Avec cette phrase choc, Jésus nous propose une théologie : Dieu n'a aucune intention de faire du mal aux méchants mais il fait tout pour que chacun ait une chance de s'épanouir.
Si Noël est la fête de ce que Dieu nous donne en Christ, Noël pourrait nous inviter à accueillir encore un petit peu plus profondément cette théologie et cette façon d’être que le Christ a portées. Il me semble que nous avons là le cœur de l’Évangile (et l’Évangile du cœur qu’incarne Jésus-Christ). Le témoignage qu’il exprime ici dans sa prédication, Jésus de Nazareth l’a porté par bien des gestes au cours de sa vie, y compris par sa mort. Ce témoignage porte un éclairage sur nos conceptions de Dieu, sur notre idée de la justice, sur nos actions, sur nos désespoirs aussi, et sur notre espérance.
Cette lumière, comme le dit ce verset, se lève sur chacun. Elle s’est levée sur les méchants, ou plutôt sur notre part de méchanceté à tous, qui profitons de cette bienveillance de Dieu pour continuer à vivre au mépris de Dieu, des autres, et finalement au mépris de nous-mêmes aussi. Cette lumière s’est levée également sur les justes, encourageant la moindre étincelle de bonté en nous.
Cette date symbolique qu’est Noël convient bien pour dire cette ambiguïté de toute vie en ce monde, et nous encourager à recevoir cette lumière donnée en Christ. En effet, Noël est à peu de chose près la journée la plus sombre de l’année dans l’hémisphère nord, et à partir de Noël, le jour augmente insensiblement, de quelques pincées de secondes par jour. La venue du Christ dans le monde est ainsi présentée comme ce soleil de l’amour de Dieu « pour les méchants et pour les bons », comme une montée en puissance insensible mais bien réelle des effets de cet amour en nous.

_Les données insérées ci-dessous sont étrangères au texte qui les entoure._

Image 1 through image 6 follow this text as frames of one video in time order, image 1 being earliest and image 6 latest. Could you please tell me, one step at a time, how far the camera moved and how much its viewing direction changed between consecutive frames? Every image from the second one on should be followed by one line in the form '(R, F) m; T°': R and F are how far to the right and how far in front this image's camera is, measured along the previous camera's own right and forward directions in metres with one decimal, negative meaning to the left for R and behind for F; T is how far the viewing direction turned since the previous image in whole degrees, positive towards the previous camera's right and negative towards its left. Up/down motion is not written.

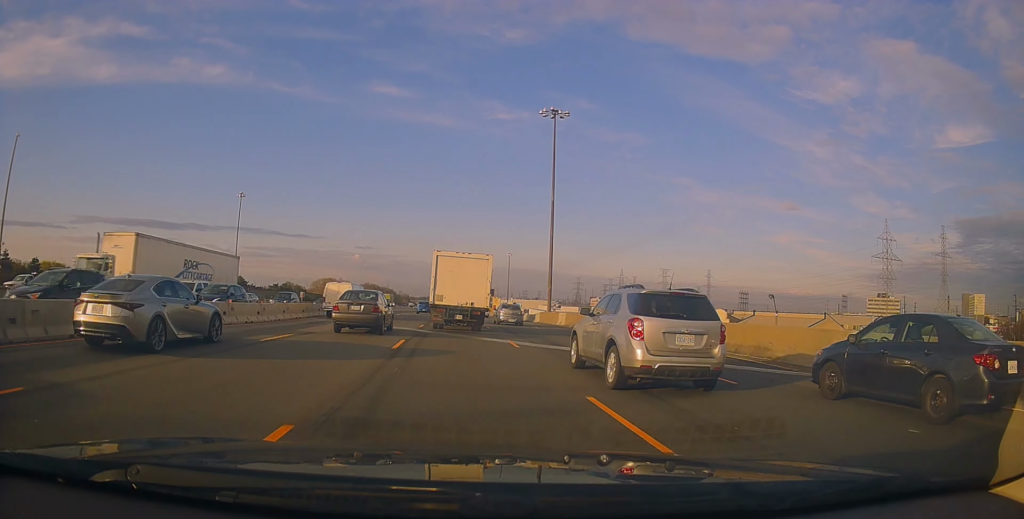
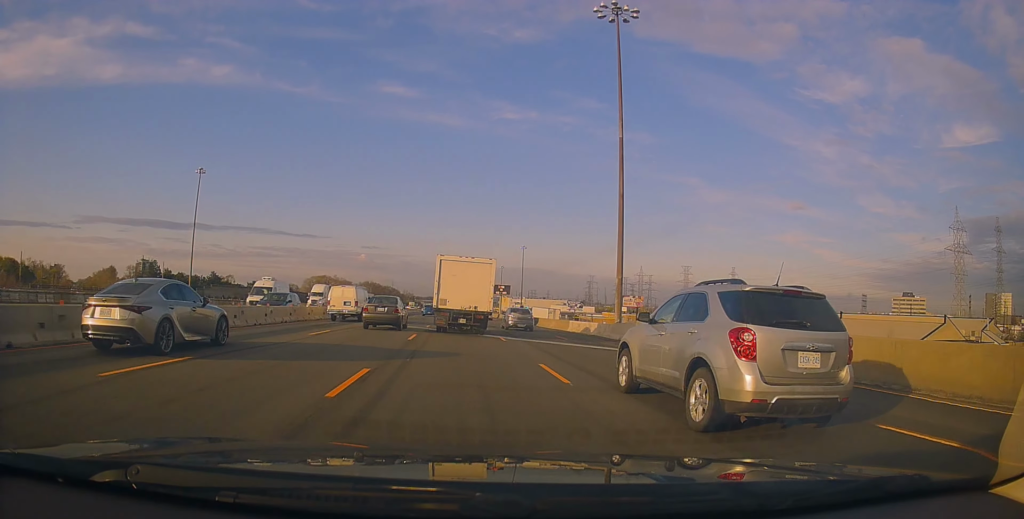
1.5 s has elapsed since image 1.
(-0.3, +31.1) m; -1°
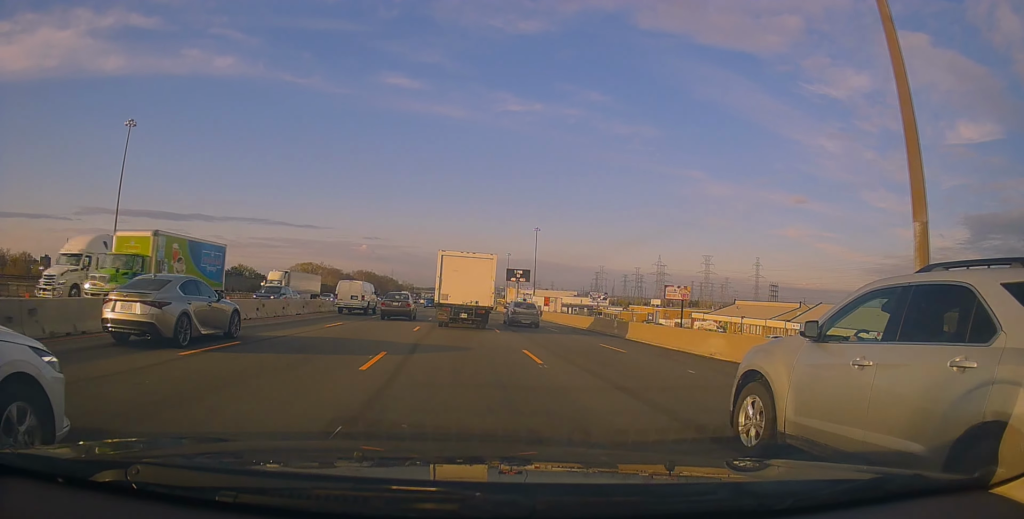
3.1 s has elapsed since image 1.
(0.0, +33.2) m; 0°
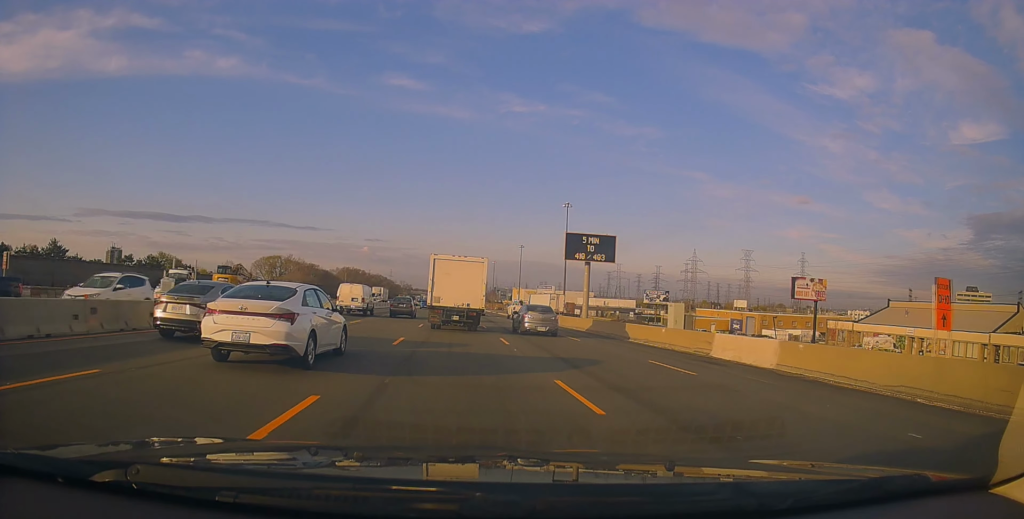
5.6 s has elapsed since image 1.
(0.0, +52.7) m; -1°
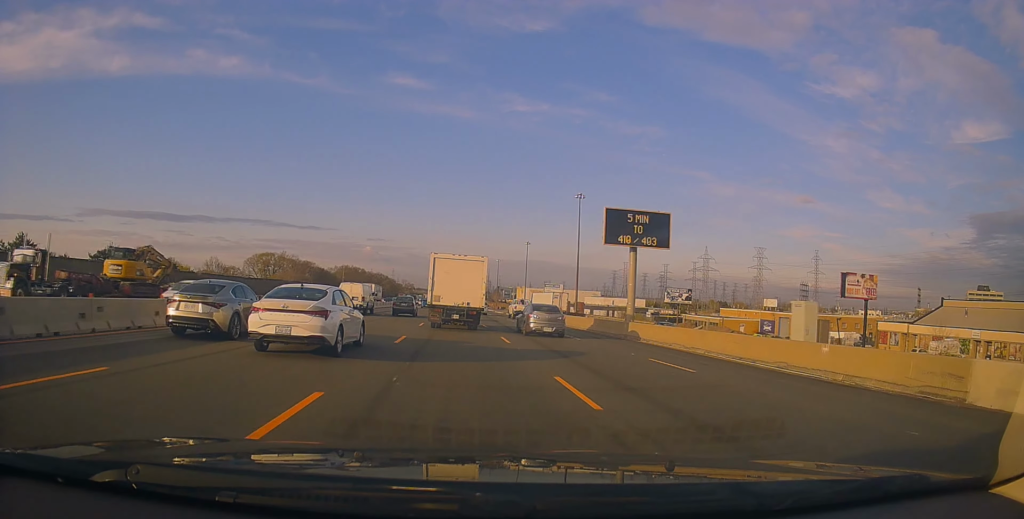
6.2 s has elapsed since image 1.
(-0.1, +11.9) m; 0°
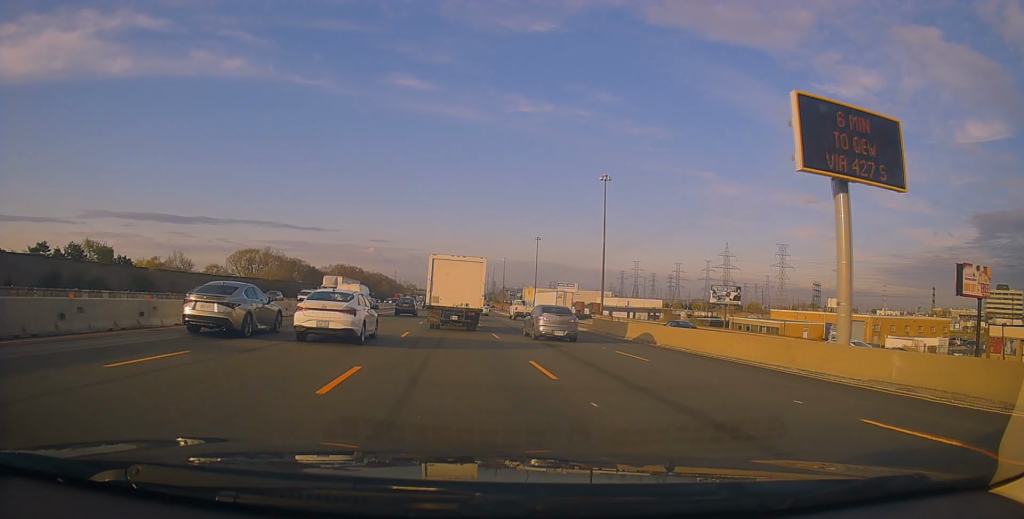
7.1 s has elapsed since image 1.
(0.0, +20.5) m; 0°

Il est parfois difficile de suivre ce chemin que Jésus nous propose ici, en particulier dans l'urgence de situations dramatiques. Mais il n’est pas question d’être parfait dès demain matin, mais simplement de gagner quelques secondes de lumière en plus, comme le jour de Noël, d’arrêter de stagner ou de nous assombrir encore. Selon ce texte, nous n’avons pas à créer nous-mêmes ce cœur, ce regard, cette vie qui aime véritablement. Mais Jésus parle d’une naissance, la nôtre comme enfant de ce Dieu qui aime sans condition. Jésus nous propose ici un programme d'amour en quatre verbes : aimer, bénir, faire du bien, et prier. Et il nous dit que nous pouvons compter sur Dieu pour être bénéficiaires de ce programme qu’il offre à chacun :
- Aimer : c'est avoir un regard positif sur l'autre, sur notre vie, sur nous-mêmes, sur le monde, sur Dieu. Au-delà de ce qui ne va pas, ce programme met en lumière plutôt ce qui est bon, et en laissant le temps de devenir meilleur encore. Espérant que du mieux advienne.
- Bénir : c'est dire du bien, et le dire ouvertement, le dire au nom de Dieu, et travailler avec lui en faveur de ce qui est béni.
- Faire du bien pour grandir l'autre, grandir notre idée de Dieu, notre intelligence de la vie, et l’enfant de Dieu que nous sommes tous et toutes.
- Prier : après avoir fait ce que l'on a pu pour aimer, dire du bien et faire du bien, nous pouvons remettre la suite à Dieu. Comme celui qui a semé la graine espère la pluie et le soleil, nous pouvons prier Dieu pour l'autre, pour les autres, pour ce monde et pour nous-mêmes. Car Dieu est un formidable démultiplicateur, une stupéfiante source de miracles inattendus.
Le Christ est la véritable lumière qui, venant dans le monde, éclaire toute personne, tout dans chaque personne. Cette lumière est venue chez les siens, et les siens l’ont à la fois reçue et non reçue. Mais à tous ceux qui l’ont reçue elle a donné le pouvoir de devenir enfants de Dieu (Jean 1:9-13).
Fêtons donc joyeusement ensemble la naissance de ces enfants de lumière, enfants de Dieu.